:: PROBLEM TO SOLVE ::
List all lines of the data containing the word "name".
########
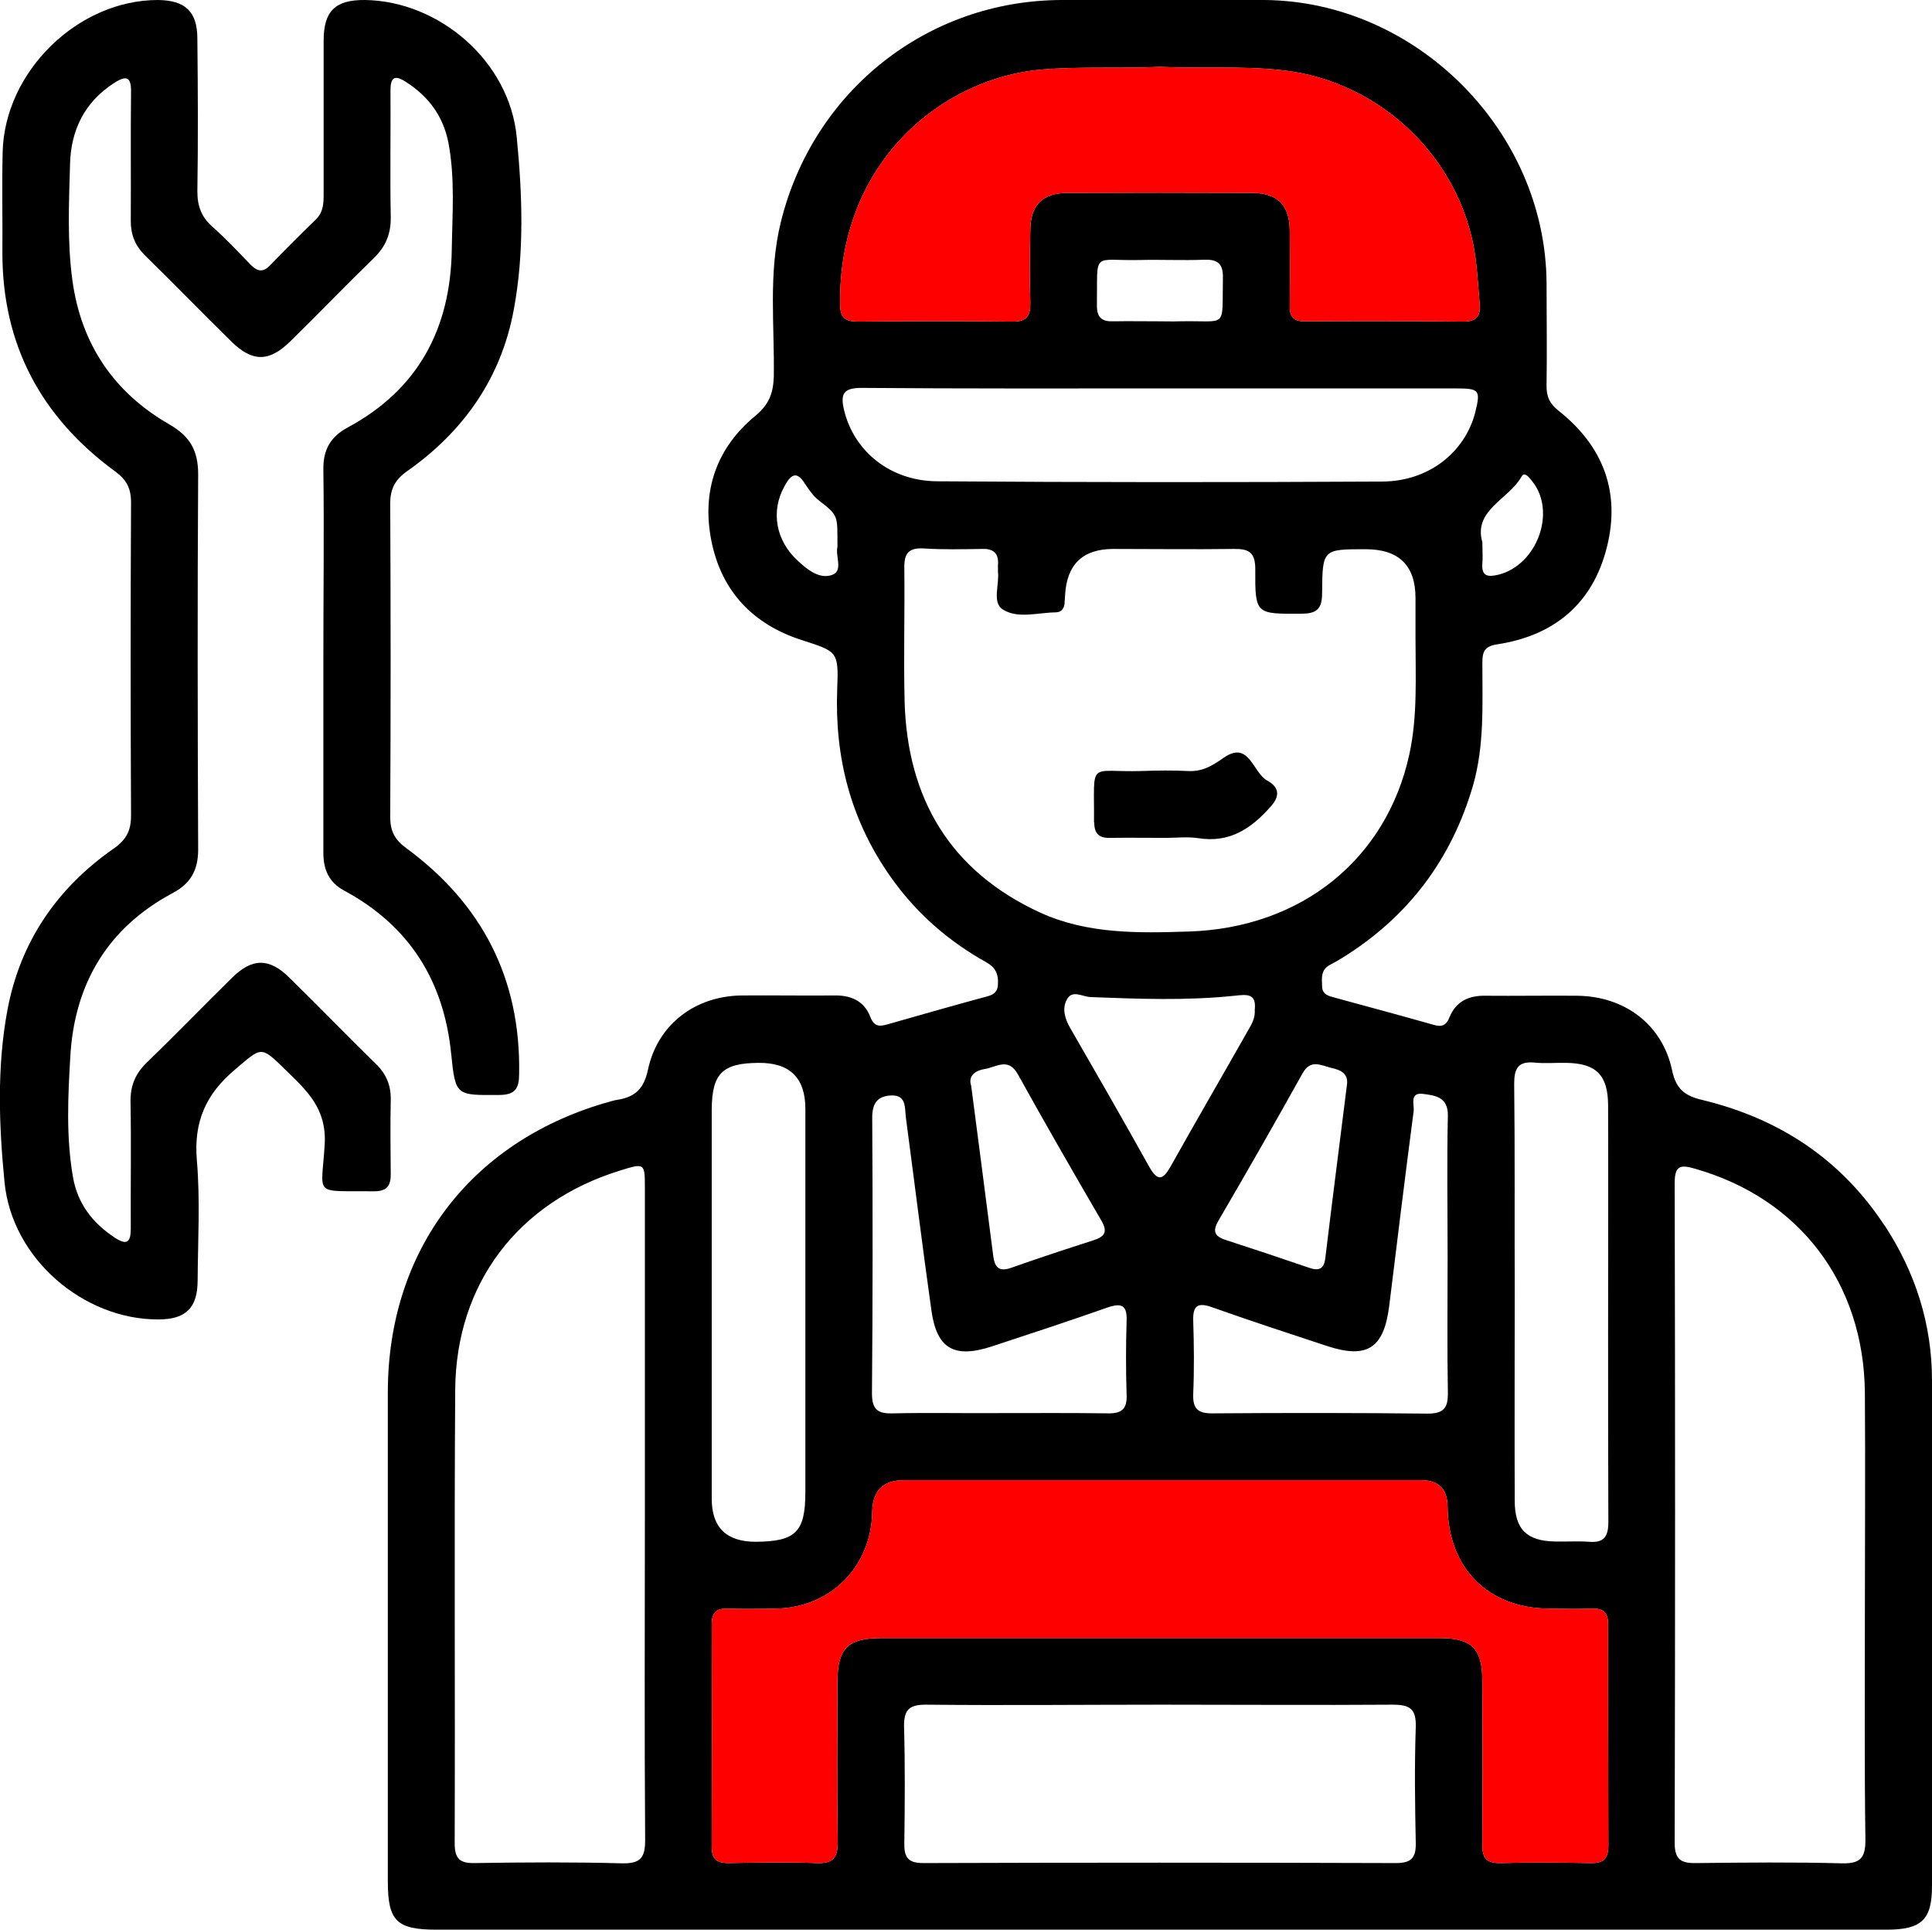 <?xml version="1.0" encoding="UTF-8"?>
<svg id="Layer_2" data-name="Layer 2" xmlns="http://www.w3.org/2000/svg" viewBox="0 0 72.83 72.74">
  <defs>
    <style>
      .cls-1 {
        fill: red;
      }
    </style>
  </defs>
  <g id="Layer_1-2" data-name="Layer 1">
    <g>
      <path d="m71.04,46.19c-1.64-2.5-3.97-4.03-6.86-4.73-.65-.15-1-.4-1.15-1.13-.37-1.73-1.8-2.78-3.57-2.8-1.16-.01-2.32.01-3.48,0-.62-.01-1.09.22-1.33.79-.13.34-.3.4-.63.3-1.23-.35-2.47-.68-3.71-1.02-.22-.06-.46-.11-.47-.41-.01-.3-.06-.62.27-.81.16-.08.31-.17.46-.26,2.5-1.54,4.14-3.71,4.96-6.52.43-1.51.35-3.05.35-4.58,0-.39.03-.65.53-.73,2.16-.32,3.62-1.52,4.16-3.65.53-2.08-.13-3.83-1.82-5.16-.34-.27-.46-.55-.45-.96.02-1.29,0-2.57,0-3.86C58.26,4.93,53.39.05,47.67,0,45.12,0,42.57,0,40.03,0c-5.08.01-9.39,3.44-10.6,8.39-.47,1.92-.23,3.87-.26,5.8-.02.63-.18,1.05-.68,1.47-1.49,1.22-2.05,2.86-1.67,4.74s1.56,3.13,3.39,3.72c1.35.44,1.41.41,1.35,1.85-.1,2.58.51,4.94,2,7.06.96,1.37,2.18,2.44,3.64,3.25.33.19.44.44.42.8,0,.27-.13.4-.39.47-1.26.34-2.52.7-3.78,1.06-.31.09-.5.08-.64-.28-.24-.62-.75-.83-1.4-.81-1.16.01-2.32-.01-3.48,0-1.72.03-3.13,1.08-3.5,2.78-.15.72-.47,1.04-1.14,1.15-.17.02-.34.09-.51.13-5.08,1.5-8.15,5.58-8.16,10.88v18.45c0,1.49.33,1.82,1.83,1.82h54.68c1.31,0,1.7-.38,1.7-1.64v-19.06c0-2.13-.63-4.08-1.79-5.85Zm-47.57,24.04c-1.86-.05-3.73-.04-5.59-.01-.57.01-.74-.19-.74-.75.02-5.69-.02-11.39.02-17.09.03-4.02,2.39-7.08,6.21-8.26.93-.29.94-.29.94.65v12.25c0,4.11-.02,8.22.01,12.33,0,.65-.16.89-.85.88Zm28.9-21.02c.3-2.44.6-4.89.92-7.33.03-.24-.17-.72.36-.65.45.06.94.11.93.82-.04,1.77-.01,3.53-.01,5.29s-.02,3.43.01,5.14c.01.57-.14.8-.76.8-2.7-.03-5.39-.03-8.08-.01-.55.01-.78-.14-.76-.72.04-.93.03-1.86,0-2.8-.01-.52.16-.67.68-.49,1.44.51,2.9.99,4.36,1.47,1.52.5,2.15.09,2.35-1.52Zm-8.24-5.25c-.28.5-.48.59-.8.03-.98-1.76-1.98-3.5-2.99-5.25-.2-.34-.31-.74-.12-1.07.2-.38.58-.1.89-.09,1.81.07,3.62.14,5.43-.05.46-.05.83-.1.76.53.02.28-.09.5-.22.72-.98,1.73-1.98,3.45-2.95,5.18Zm6.02-3.72c.35.08.71.19.62.69-.27,2.16-.55,4.33-.81,6.49-.05.42-.25.49-.62.36-1.05-.36-2.1-.71-3.15-1.05-.42-.14-.48-.34-.26-.72,1.08-1.85,2.14-3.7,3.18-5.57.3-.52.68-.29,1.04-.2Zm7.21-22.28c.11-.2.29.04.4.18.92,1.14.19,3.15-1.27,3.52-.39.09-.65.08-.61-.43.02-.22,0-.45,0-.79-.35-1.22.99-1.61,1.48-2.48Zm-25.97,3.7c-.48.19-.95-.18-1.32-.53-.83-.76-1.02-1.86-.5-2.8.22-.4.44-.64.78-.09.15.23.32.47.53.63.76.58.68.59.69,1.74-.09.32.22.89-.18,1.05Zm7.89-19.04c1.48-.12,2.97-.03,4.45-.1,1.51.07,3.02-.04,4.54.12,3.87.39,7.03,3.53,7.39,7.41.05.48.08.95.12,1.43.04.44-.14.64-.61.64-1.99-.02-3.98-.02-5.97-.01-.42.01-.59-.16-.58-.58.01-.93.01-1.87,0-2.8,0-1-.44-1.45-1.42-1.46-2.32-.01-4.64-.01-6.96,0-.95.01-1.39.45-1.4,1.4-.02.91-.03,1.81,0,2.72.01.5-.12.74-.68.73-1.94-.02-3.88-.02-5.82,0-.48,0-.67-.15-.67-.65-.07-5.33,3.82-8.53,7.61-8.85Zm6.82,7.84c-.04,1.98.21,1.61-1.62,1.65-.27.01-.55,0-.83,0-.55,0-1.1-.01-1.65,0-.43.02-.65-.11-.65-.59.03-2.1-.21-1.68,1.62-1.72.8-.02,1.61.02,2.41-.01.49-.02.73.12.72.67Zm-14.28,5c-.14-.59-.05-.84.65-.84,3.78.03,7.56.02,11.34.02h11.1c.86,0,.91.07.7.91-.39,1.5-1.75,2.59-3.5,2.6-5.59.03-11.19.03-16.78-.01-1.78-.01-3.14-1.14-3.51-2.68Zm2.28,10.95c-.04-1.66.01-3.32-.01-4.99-.01-.54.14-.78.72-.75.73.05,1.47.03,2.2.02.45-.02.65.17.61.62,0,.08,0,.15,0,.23.06.49-.23,1.17.18,1.43.56.36,1.32.12,1.99.11.21,0,.32-.13.34-.33.01-.1.01-.21.02-.31q.09-1.75,1.82-1.75c1.52,0,3.03.02,4.54,0,.57-.01.81.13.81.76-.01,1.72.02,1.69,1.75,1.68.62,0,.77-.23.77-.8.01-1.63.03-1.63,1.64-1.63q1.88,0,1.88,1.84v1.52c0,1.46.08,2.93-.23,4.36-.86,3.97-4.08,6.56-8.33,6.69-1.89.06-3.8.1-5.58-.71-3.4-1.56-5.02-4.3-5.12-7.98Zm3.03,13.88c.43-.07.88-.45,1.24.2,1.02,1.84,2.08,3.68,3.14,5.5.26.44.14.62-.3.76-1.03.33-2.06.67-3.08,1.03-.49.18-.64-.04-.69-.46-.27-2.1-.54-4.19-.83-6.4-.11-.33.09-.56.52-.63Zm-4.25,1.88c-.01-.53.15-.84.67-.88.64-.05.55.47.6.84.32,2.41.62,4.84.96,7.25.2,1.45.85,1.83,2.27,1.37,1.46-.48,2.92-.96,4.37-1.47.53-.18.74-.09.72.5-.03.93-.03,1.87,0,2.8.02.53-.19.7-.71.69-1.38-.02-2.77-.01-4.15-.01-1.31.01-2.62-.02-3.93.01-.57.02-.81-.12-.81-.75.03-3.45.03-6.9.01-10.35Zm-6.05-.35c.01-1.36.4-1.75,1.76-1.76q1.77-.02,1.77,1.73v14.44c0,1.51-.36,1.87-1.87,1.88q-1.66,0-1.66-1.62v-14.67Zm26.54,27.65c.01.55-.17.75-.74.75-5.94-.02-11.88-.02-17.82,0-.59,0-.73-.22-.72-.76.02-1.46.03-2.92-.01-4.38-.01-.62.18-.83.81-.83,2.98.03,5.95,0,8.92,0s5.79.02,8.69,0c.64,0,.89.15.87.84-.05,1.46-.03,2.92,0,4.38Zm6.59.75c-1.14-.02-2.27-.03-3.4,0-.55.01-.69-.22-.68-.72.01-2.05.01-4.09,0-6.13,0-1.24-.39-1.63-1.62-1.63h-21.03c-1.28,0-1.66.38-1.66,1.67,0,1.99-.02,3.98.01,5.97.01.6-.14.87-.8.84-1.1-.04-2.21-.02-3.32,0-.45,0-.63-.16-.63-.62.01-2.8.01-5.6,0-8.39,0-.43.18-.59.59-.58.61.02,1.21.01,1.82,0,2.07-.03,3.61-1.58,3.64-3.65q.02-1.19,1.19-1.19h19.51q.98,0,.99,1c.02,2.32,1.53,3.83,3.83,3.84.53.01,1.06.02,1.59,0,.45-.02.64.15.63.61,0,2.78,0,5.55.01,8.32,0,.5-.19.67-.67.66Zm-.06-12.11c-.42-.03-.85,0-1.28-.01-1.07-.02-1.52-.46-1.52-1.54-.01-2.64,0-5.29,0-7.93-.01-2.6.01-5.19-.02-7.79,0-.57.15-.85.77-.79.4.04.8,0,1.21.01,1.11.02,1.55.46,1.56,1.58.01,2.87,0,5.74,0,8.61,0,2.37,0,4.74.01,7.11,0,.54-.15.8-.73.75Zm9.56,12.12c-1.84-.05-3.68-.03-5.52-.01-.57.01-.81-.13-.81-.76.02-8.29.02-16.59,0-24.88,0-.68.25-.68.77-.53,3.93,1.12,6.36,4.3,6.4,8.44.02,2.78,0,5.55,0,8.32s-.02,5.7.02,8.55c0,.66-.19.88-.86.87Z"/>
      <path class="cls-1" d="m60.63,69.56c0,.5-.19.67-.67.66-1.14-.02-2.27-.03-3.4,0-.55.01-.69-.22-.68-.72.01-2.05.01-4.09,0-6.13,0-1.24-.39-1.63-1.62-1.63h-21.03c-1.28,0-1.66.38-1.66,1.67,0,1.99-.02,3.98.01,5.97.01.6-.14.87-.8.84-1.1-.04-2.21-.02-3.32,0-.45,0-.63-.16-.63-.62.01-2.8.01-5.6,0-8.39,0-.43.18-.59.59-.58.61.02,1.21.01,1.82,0,2.07-.03,3.61-1.58,3.64-3.65q.02-1.19,1.19-1.19h19.51q.98,0,.99,1c.02,2.32,1.53,3.83,3.83,3.84.53.01,1.06.02,1.59,0,.45-.02.64.15.63.61,0,2.78,0,5.55.01,8.32Z"/>
      <path class="cls-1" d="m55.78,11.48c.04.44-.14.64-.61.64-1.99-.02-3.98-.02-5.97-.01-.42.01-.59-.16-.58-.58.01-.93.01-1.87,0-2.8,0-1-.44-1.45-1.42-1.46-2.32-.01-4.64-.01-6.96,0-.95.01-1.39.45-1.4,1.4-.02.91-.03,1.81,0,2.72.01.5-.12.74-.68.73-1.94-.02-3.88-.02-5.82,0-.48,0-.67-.15-.67-.65-.07-5.33,3.82-8.53,7.61-8.85,1.48-.12,2.97-.03,4.45-.1,1.51.07,3.02-.04,4.54.12,3.87.39,7.03,3.53,7.39,7.41.05.48.08.95.12,1.43Z"/>
      <path d="m14.73,41.46c.01-.54-.16-.97-.55-1.35-1.1-1.08-2.17-2.18-3.27-3.26-.76-.75-1.4-.75-2.16,0-1.08,1.06-2.13,2.15-3.22,3.2-.43.42-.62.88-.61,1.48.03,1.59,0,3.18.01,4.77,0,.52-.14.65-.6.35-.84-.55-1.41-1.29-1.58-2.29-.26-1.5-.19-3.02-.1-4.53.15-2.73,1.4-4.86,3.86-6.17.68-.36.96-.87.96-1.64-.02-4.71-.03-9.43,0-14.14,0-.89-.3-1.43-1.08-1.88-2.09-1.2-3.33-3.02-3.66-5.43-.2-1.46-.13-2.92-.09-4.38.03-1.27.54-2.34,1.66-3.06.49-.32.65-.21.64.36-.02,1.61,0,3.23-.01,4.84,0,.51.16.92.52,1.28,1.1,1.08,2.17,2.18,3.27,3.26.79.78,1.42.78,2.22,0,1.06-1.04,2.09-2.11,3.16-3.15.45-.44.64-.92.63-1.54-.03-1.59,0-3.18-.01-4.77,0-.49.15-.6.57-.33.85.54,1.41,1.28,1.61,2.28.26,1.35.15,2.72.13,4.07-.05,2.95-1.26,5.25-3.92,6.68-.65.35-.93.84-.92,1.58.03,2.37,0,4.74,0,7.11,0,2.45,0,4.89,0,7.34,0,.64.21,1.12.79,1.43,2.46,1.33,3.76,3.41,4.03,6.17.16,1.57.19,1.54,1.8,1.53.62,0,.76-.25.76-.81.06-3.58-1.4-6.39-4.25-8.49-.44-.32-.61-.64-.61-1.18.02-3.93.02-7.87,0-11.8,0-.57.18-.91.65-1.24,2.13-1.5,3.54-3.52,4.01-6.09.4-2.14.32-4.34.11-6.48C19.21,2.3,16.55.04,13.76,0c-1.12-.01-1.56.41-1.56,1.54,0,1.92,0,3.83,0,5.75,0,.35,0,.69-.29.98-.58.56-1.15,1.13-1.71,1.71-.27.29-.48.27-.75,0-.47-.49-.94-.99-1.45-1.44-.41-.37-.56-.77-.56-1.33.03-1.92.02-3.83,0-5.75,0-1.03-.46-1.45-1.49-1.46C2.94,0,.18,2.69.1,5.72c-.03,1.26,0,2.52-.01,3.78-.01,3.49,1.46,6.22,4.24,8.26.44.32.61.64.61,1.18-.02,3.93-.02,7.87,0,11.8,0,.57-.18.91-.65,1.24-2.14,1.49-3.53,3.52-4.01,6.09-.4,2.14-.32,4.34-.11,6.48.28,2.9,2.99,5.19,5.8,5.18,1.03,0,1.48-.43,1.48-1.47.01-1.51.1-3.03-.03-4.54-.12-1.44.34-2.48,1.43-3.4,1.03-.87.96-.93,1.94.03.79.77,1.53,1.44,1.45,2.79-.12,2-.47,1.73,1.87,1.76.46,0,.62-.19.62-.64-.01-.93-.02-1.87,0-2.8Z"/>
      <path d="m41.25,31c0,.42.18.59.59.58.7-.01,1.41,0,2.11,0h0c.4,0,.81-.05,1.21.01,1.19.19,2-.35,2.75-1.2.41-.46.23-.77-.14-.97-.55-.3-.68-1.53-1.64-.86-.44.31-.81.53-1.35.5-.58-.03-1.16-.02-1.74,0-2.06.06-1.78-.45-1.8,1.94Z"/>
    </g>
  </g>
</svg>
########
:: RESPONSE TO THE TASK ::
<svg id="Layer_2" data-name="Layer 2" xmlns="http://www.w3.org/2000/svg" viewBox="0 0 72.83 72.74">
  <g id="Layer_1-2" data-name="Layer 1">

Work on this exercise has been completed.